V53E-3164
Fluid-rock Interaction and Episodic Fluid Flow within the Hurricane Fault-zone

Friday, 18 December 2015
Poster Hall (Moscone South)
Jace Koger and Dennis L Newell, Utah State University, Logan, UT, United States
Abstract:
The Hurricane Fault is an active 250-km long, west dipping, Basin and Range bounding normal fault in SW Utah and NW Arizona. Fault rock alteration and mineralization is common in the damage zone along strike, indicating that this structure has influenced past groundwater flow. Multiple Quaternary basaltic centers are located proximal to the fault. This study tests the hypothesis that fault-zone diagenesis is being driven by deeply circulated meteoric groundwater infiltration and associated rock-water interaction that is punctuated by periods of hydrothermal alteration associated with local magmatism. Fault-parallel/oblique fractures and small-offset antithetic and synthetic normal faults have been found within fault-zone rocks. The intensity of fracturing and associated evidence of fluid-rock interaction progressively decreases away from the main fault trace into the footwall.
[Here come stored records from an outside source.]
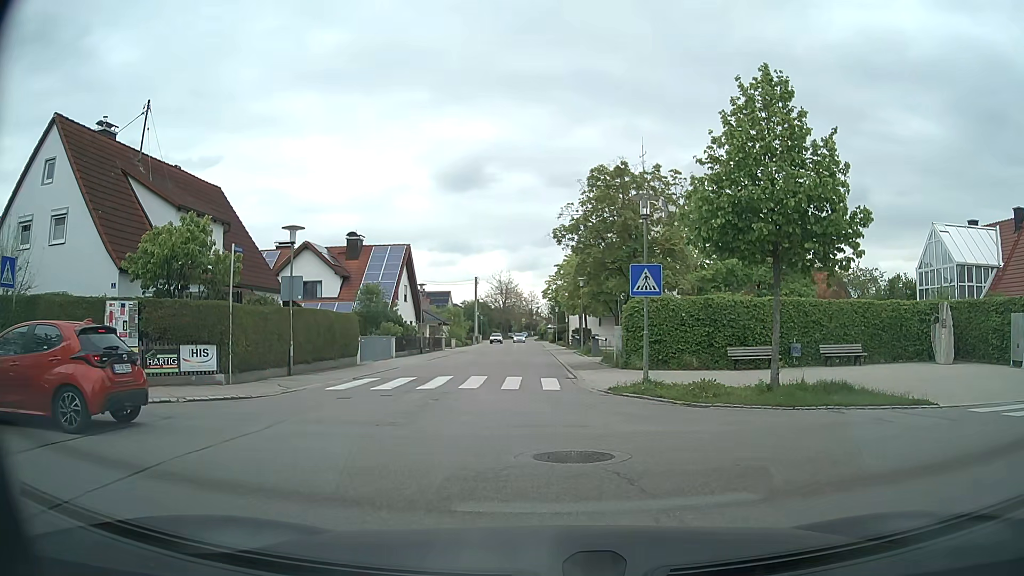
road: residential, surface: asphalt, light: Day
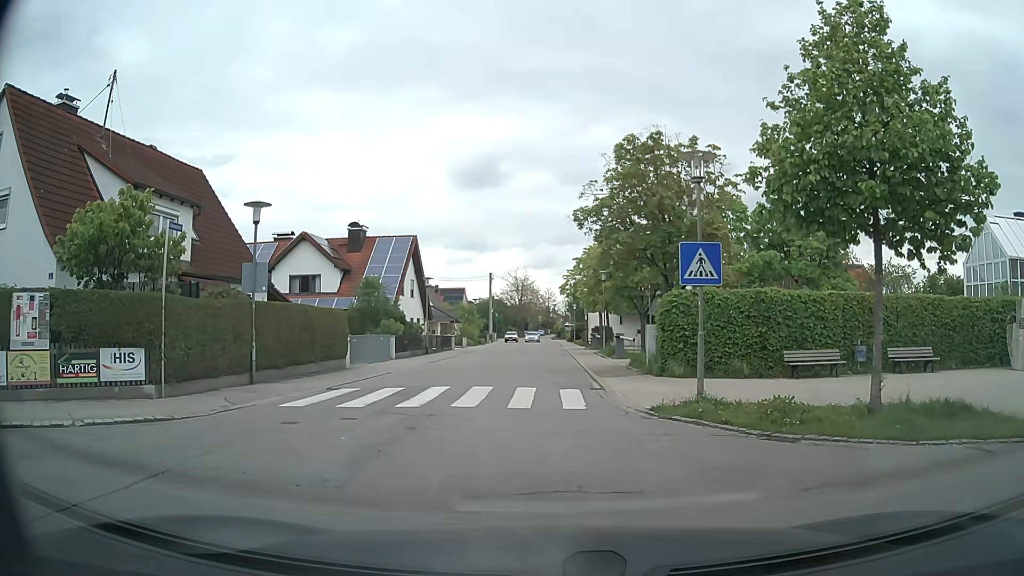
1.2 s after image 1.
(0.0, +4.2) m; 0°
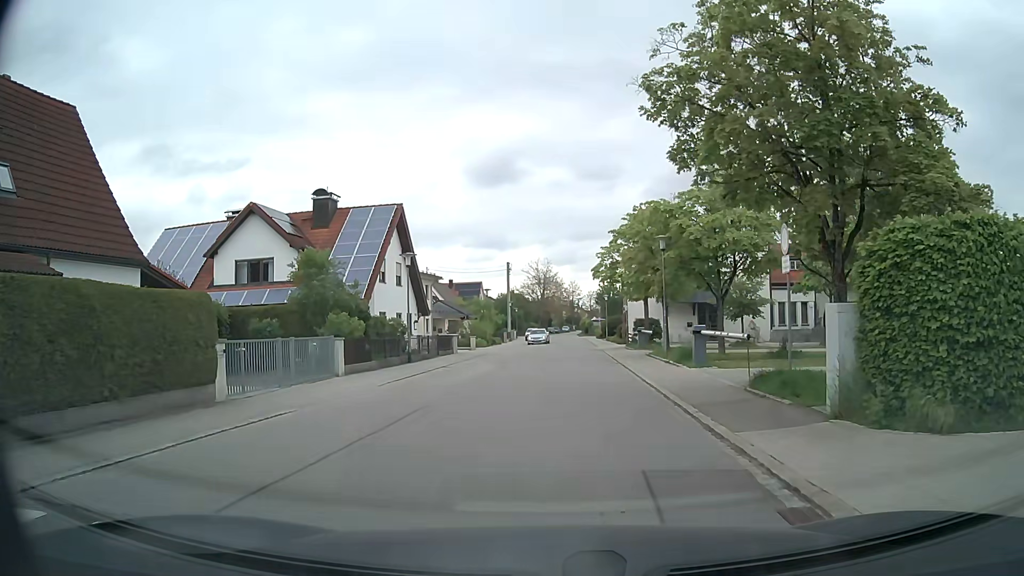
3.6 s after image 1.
(-0.5, +12.5) m; -3°
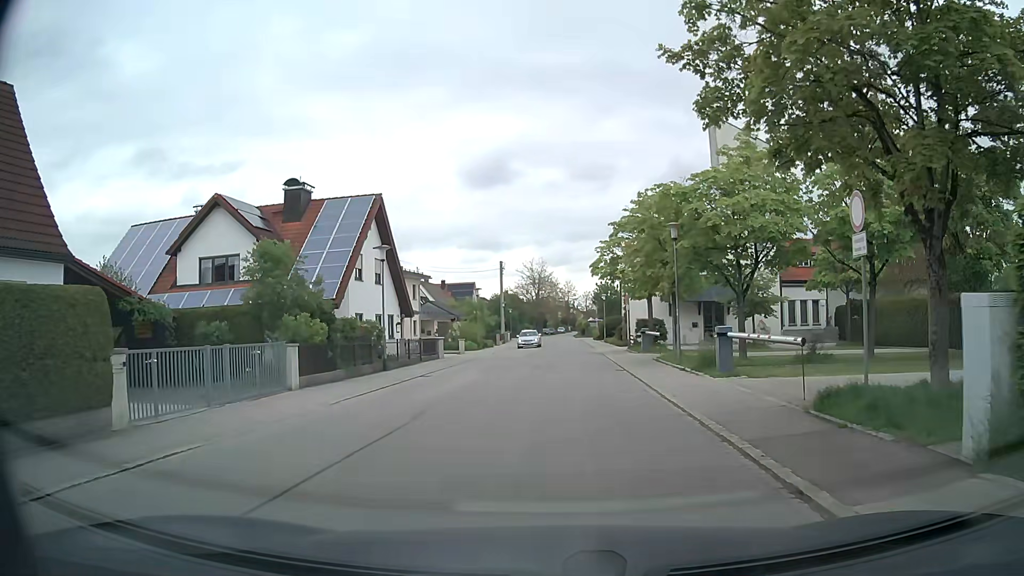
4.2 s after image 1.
(0.0, +3.6) m; +1°
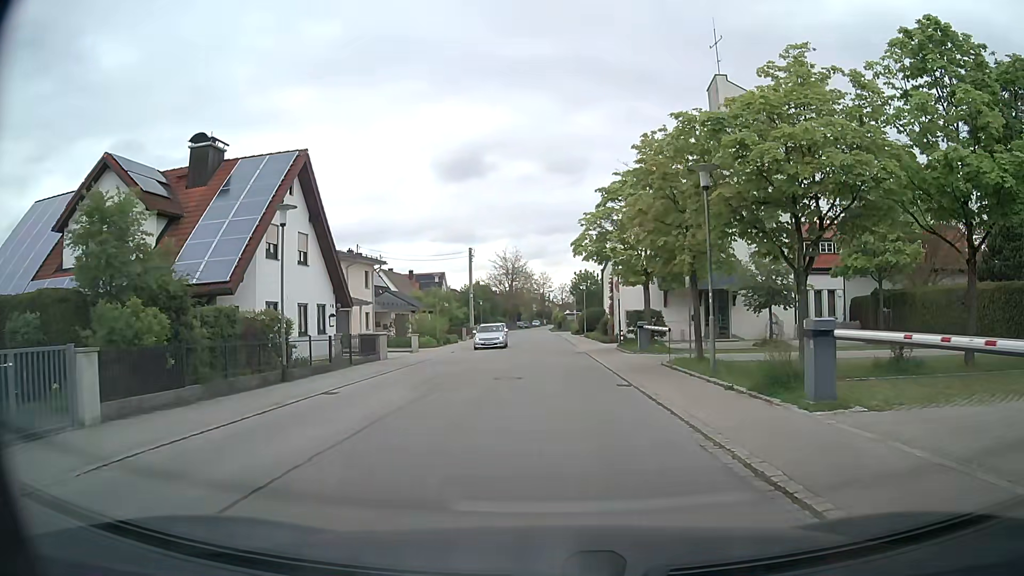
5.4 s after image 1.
(+0.1, +7.8) m; +2°
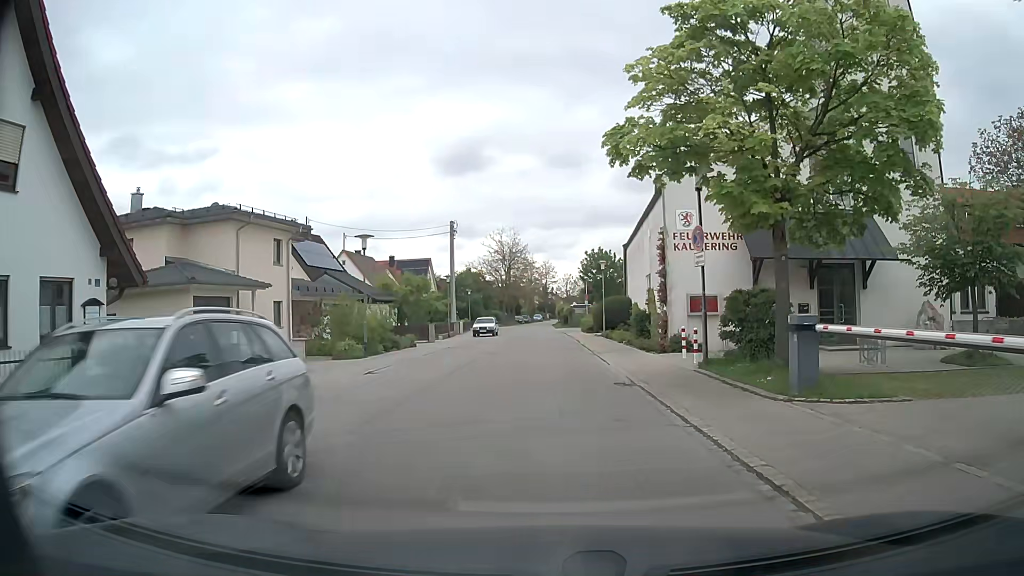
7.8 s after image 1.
(-0.1, +17.6) m; -1°
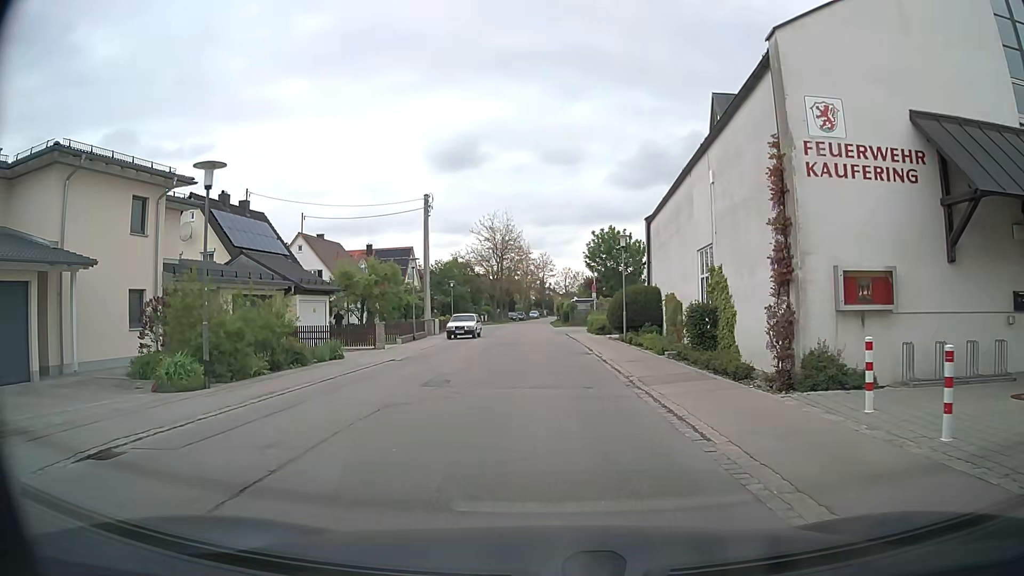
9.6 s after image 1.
(0.0, +12.2) m; 0°
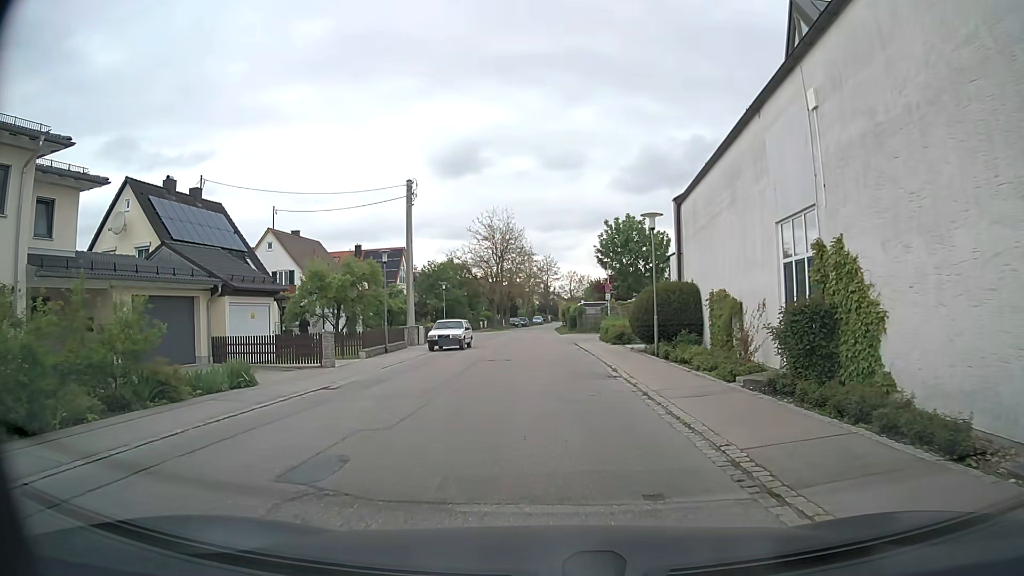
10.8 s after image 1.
(+0.1, +7.5) m; 0°
(0, +10) (0, +20) (0, +30) (-1, +40) (-1, +50) (-1, +60) (-1, +70) (-1, +80) (-1, +90) (0, +100) m

Host rock alteration, hematite mineralized fault surfaces, and calcite and hematite cemented deformation bands and veins are observed. These features are focused in 1 – 2 m wide zones of fracturing with densities of 6 – 18 m-1 located within the footwall damage zone. Host rock alteration in the form of both “bleaching” and oxidation along fractures provides evidence for past redox reactions. Mineralization in deformation bands suggests that some fluid flow and diagenesis was penecontemporaneous with deformation. Laminations and cross-cutting relationships in veins indicate periodic mineralization that could be controlled by episodic fluid flow, or fracturing and degassing leading to calcite precipitation. Stable isotopic results from calcite veins show δ13CPDB values of -7 to 3 ‰ and δ18OPDB values of -19 to -9 ‰. Carbon stable isotope ratios suggest multiple carbon sources such as marine carbonates, organic sedimentary rocks, and mantle derived CO2. Temperature differences in paleofluids and associated fluid-rock interaction may explain the observed range in δ18O values. Fluid inclusion microthermometry is combined with the δ18O of calcite to constrain the temperature and the oxygen isotopic composition of the paleofluids. The Hurricane Fault-zone exhibits fault-rock diagenesis focused in densely fractured, fault-parallel zones within the damage zone that provide insight into paleofluid chemistry and temperatures.